7) Tom Ricketts, Chicago Cubs

Tom Ricketts is the CEO of of Incapital LLC, a Chicago, an investment bank that packages corporate bonds for retail investors.  He’s also the son of the guy who founded Ameritrade, so if you the typical blue-collar American who gets off on o hating people who are born into money, this is a good place to start.

The Cubs suffer from a lack of real direction, and this is partially Ricketts’ fault.  He took over the Cubs in the beginning of 2009, inheriting the Alfonso Soriano contract, which might be considered a good deal if the entire planet’s economy ran off of how much money we could all light on fire all at once.  Since then, the Cubs have grown one of the highest payrolls in baseball, and have one of the worst records.  They’re in a market that is extremely critical of all of their sports teams, and radio is brutal even when your winning.  Just ask the last season’s Chicago Bears.

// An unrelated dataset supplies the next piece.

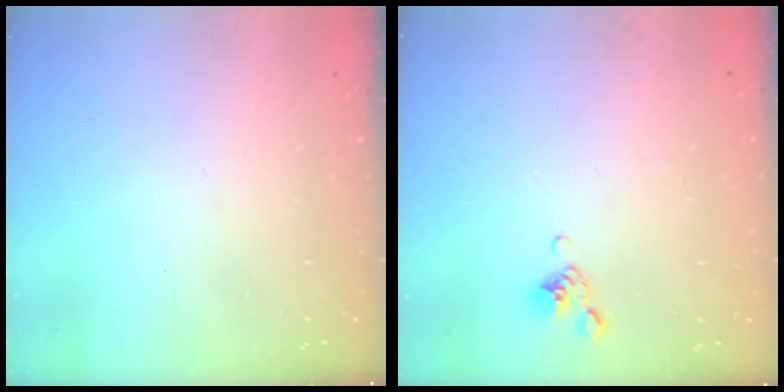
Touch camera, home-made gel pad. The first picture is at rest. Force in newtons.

Since Meehan is a regular guest on a Chicago Cubs internet radio (insert shameless plug for here) you might expect him to have more of an opinion on Ricketts. But the truth is, unless the Cubs go on a five game winning streak, the guy’s a fucking ghost.  (Editor’s note:  The Cubs didn’t win five in a row this season until last week.)  To be quite honest with you, if Meehan’s producer hadn’t attended a press conference with Ricketts a few weeks back, he might fall into that same level of “does he exist” along with Sasquatch and Oprah Winfrey’s heterosexuality.

Let’s just put it this way, Ricketts and his family believed in 2009 the Cubs were worth 900 million dollars with a relic of a stadium that’s falling apart and countless personnel and financial issues, and he hasn’t done much to change it.

6) Mike Brown, Cincinnati Bengals

Sometimes taking over the family business isn’t as easy as it looks. But when you get handed the keys to an organization built by a legend and you fuck it up beyond belief…that’s how you end up one of the most hated owners in sports.

Welcome to the world of Mike Brown. When the legendary Paul Brown passed away in 1991, Mike Brown assumed control of the Bengals. Since then, the Bengals’ record is a cesspool-worthy 124-211-1, with a single playoff appearance.

If the cavalcade of losing wasn’t enough to make fans want to piss in his hollowed-out skull, Brown continues to give the Bengal faithful all the reason they would need to want to drag his lifeless corpse around Paul Brown Stadium.

For some reason ESPN has continued to report on the Cincinnati Bengals situation.  For the longest time, it was a complete fucking mystery why the World Wide Leader gives a tire-squished shit about the Queen City Kitties. But we finally figured it out.

ESPN is betting on curiosity…curiosity as to what will finally kill the Cats’ owner.

Will it be his ability to pinch a penny so hard he can make Abe Lincoln fart? Brown is notorious as cheapskate asshole. The Bungles have the most understaffed scouting departments in the league and he simply does not spend money on free-agents.

Perhaps, it will be his colossal stubborn streak. If there’s anything we’ve learned in the past, it’s that Mike Brown is one of the most stubborn owners in professional sports, and that also makes him exceptionally stupid. He steadfastly refuses to hire a general manager, which may explain this team’s terrible record.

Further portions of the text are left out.